Problem to work on: Reproduce the whole listing, keeping each line as it is.

Source material:
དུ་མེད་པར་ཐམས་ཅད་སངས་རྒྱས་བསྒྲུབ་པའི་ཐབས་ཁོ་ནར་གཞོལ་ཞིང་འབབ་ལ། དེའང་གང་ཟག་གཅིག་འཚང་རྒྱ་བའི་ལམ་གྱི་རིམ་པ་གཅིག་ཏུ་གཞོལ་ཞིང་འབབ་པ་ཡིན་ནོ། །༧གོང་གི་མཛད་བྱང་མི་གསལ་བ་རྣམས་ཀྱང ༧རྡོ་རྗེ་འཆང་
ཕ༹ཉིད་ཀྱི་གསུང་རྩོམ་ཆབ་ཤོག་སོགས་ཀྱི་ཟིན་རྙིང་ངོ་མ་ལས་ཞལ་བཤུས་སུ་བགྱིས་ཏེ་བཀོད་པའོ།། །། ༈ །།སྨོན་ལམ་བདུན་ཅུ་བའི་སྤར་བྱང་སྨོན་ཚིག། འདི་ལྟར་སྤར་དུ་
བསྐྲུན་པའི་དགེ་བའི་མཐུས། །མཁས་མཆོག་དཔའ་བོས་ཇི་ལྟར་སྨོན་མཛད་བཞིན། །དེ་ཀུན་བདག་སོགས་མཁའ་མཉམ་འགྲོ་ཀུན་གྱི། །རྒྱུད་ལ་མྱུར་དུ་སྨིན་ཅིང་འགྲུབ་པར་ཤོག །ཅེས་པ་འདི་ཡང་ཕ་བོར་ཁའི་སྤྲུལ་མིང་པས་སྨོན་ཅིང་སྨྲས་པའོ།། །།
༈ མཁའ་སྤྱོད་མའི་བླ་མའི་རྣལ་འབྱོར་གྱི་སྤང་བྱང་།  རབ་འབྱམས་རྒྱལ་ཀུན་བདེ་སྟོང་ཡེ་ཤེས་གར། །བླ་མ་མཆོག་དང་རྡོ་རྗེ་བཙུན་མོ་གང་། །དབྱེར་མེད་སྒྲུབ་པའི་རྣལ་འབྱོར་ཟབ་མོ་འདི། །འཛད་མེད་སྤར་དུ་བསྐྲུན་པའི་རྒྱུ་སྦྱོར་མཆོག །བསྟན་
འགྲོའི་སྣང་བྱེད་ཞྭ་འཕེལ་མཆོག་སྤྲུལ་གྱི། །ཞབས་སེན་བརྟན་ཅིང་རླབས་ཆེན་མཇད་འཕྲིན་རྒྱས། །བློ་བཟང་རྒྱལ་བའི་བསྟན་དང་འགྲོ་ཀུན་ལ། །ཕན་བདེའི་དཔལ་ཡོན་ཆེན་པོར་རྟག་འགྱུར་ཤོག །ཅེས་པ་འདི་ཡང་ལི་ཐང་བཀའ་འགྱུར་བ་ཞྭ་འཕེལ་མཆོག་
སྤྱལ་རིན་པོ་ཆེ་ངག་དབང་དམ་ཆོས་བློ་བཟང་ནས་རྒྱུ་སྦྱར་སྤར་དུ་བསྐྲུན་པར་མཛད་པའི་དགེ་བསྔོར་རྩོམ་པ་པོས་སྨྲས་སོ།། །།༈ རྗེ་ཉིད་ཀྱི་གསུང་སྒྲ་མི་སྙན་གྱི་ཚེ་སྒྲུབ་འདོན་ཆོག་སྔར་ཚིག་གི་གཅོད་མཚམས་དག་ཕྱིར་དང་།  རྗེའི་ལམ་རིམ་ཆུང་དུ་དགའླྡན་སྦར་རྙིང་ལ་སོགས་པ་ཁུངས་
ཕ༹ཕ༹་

Task result:
དུ་མེད་པར་ཐམས་ཅད་སངས་རྒྱས་བསྒྲུབ་པའི་ཐབས་ཁོ་ནར་གཞོལ་ཞིང་འབབ་ལ། དེའང་གང་ཟག་གཅིག་འཚང་རྒྱ་བའི་ལམ་གྱི་རིམ་པ་གཅིག་ཏུ་གཞོལ་ཞིང་འབབ་པ་ཡིན་ནོ། །༧གོང་གི་མཛད་བྱང་མི་གསལ་བ་རྣམས་ཀྱང ༧རྡོ་རྗེ་འཆང་
ཕ༹ཉིད་ཀྱི་གསུང་རྩོམ་ཆབ་ཤོག་སོགས་ཀྱི་ཟིན་རྙིང་ངོ་མ་ལས་ཞལ་བཤུས་སུ་བགྱིས་ཏེ་བཀོད་པའོ།། །། ༈ །།སྨོན་ལམ་བདུན་ཅུ་བའི་སྤར་བྱང་སྨོན་ཚིག། འདི་ལྟར་སྤར་དུ་
བསྐྲུན་པའི་དགེ་བའི་མཐུས། །མཁས་མཆོག་དཔའ་བོས་ཇི་ལྟར་སྨོན་མཛད་བཞིན། །དེ་ཀུན་བདག་སོགས་མཁའ་མཉམ་འགྲོ་ཀུན་གྱི། །རྒྱུད་ལ་མྱུར་དུ་སྨིན་ཅིང་འགྲུབ་པར་ཤོག །ཅེས་པ་འདི་ཡང་ཕ་བོར་ཁའི་སྤྲུལ་མིང་པས་སྨོན་ཅིང་སྨྲས་པའོ།། །།
༈ མཁའ་སྤྱོད་མའི་བླ་མའི་རྣལ་འབྱོར་གྱི་སྤང་བྱང་།  རབ་འབྱམས་རྒྱལ་ཀུན་བདེ་སྟོང་ཡེ་ཤེས་གར། །བླ་མ་མཆོག་དང་རྡོ་རྗེ་བཙུན་མོ་གང་། །དབྱེར་མེད་སྒྲུབ་པའི་རྣལ་འབྱོར་ཟབ་མོ་འདི། །འཛད་མེད་སྤར་དུ་བསྐྲུན་པའི་རྒྱུ་སྦྱོར་མཆོག །བསྟན་
འགྲོའི་སྣང་བྱེད་ཞྭ་འཕེལ་མཆོག་སྤྲུལ་གྱི། །ཞབས་སེན་བརྟན་ཅིང་རླབས་ཆེན་མཇད་འཕྲིན་རྒྱས། །བློ་བཟང་རྒྱལ་བའི་བསྟན་དང་འགྲོ་ཀུན་ལ། །ཕན་བདེའི་དཔལ་ཡོན་ཆེན་པོར་རྟག་འགྱུར་ཤོག །ཅེས་པ་འདི་ཡང་ལི་ཐང་བཀའ་འགྱུར་བ་ཞྭ་འཕེལ་མཆོག་
སྤྱལ་རིན་པོ་ཆེ་ངག་དབང་དམ་ཆོས་བློ་བཟང་ནས་རྒྱུ་སྦྱར་སྤར་དུ་བསྐྲུན་པར་མཛད་པའི་དགེ་བསྔོར་རྩོམ་པ་པོས་སྨྲས་སོ།། །།༈ རྗེ་ཉིད་ཀྱི་གསུང་སྒྲ་མི་སྙན་གྱི་ཚེ་སྒྲུབ་འདོན་ཆོག་སྔར་ཚིག་གི་གཅོད་མཚམས་དག་ཕྱིར་དང་།  རྗེའི་ལམ་རིམ་ཆུང་དུ་དགའླྡན་སྦར་རྙིང་ལ་སོགས་པ་ཁུངས་
ཕ༹ཕ༹་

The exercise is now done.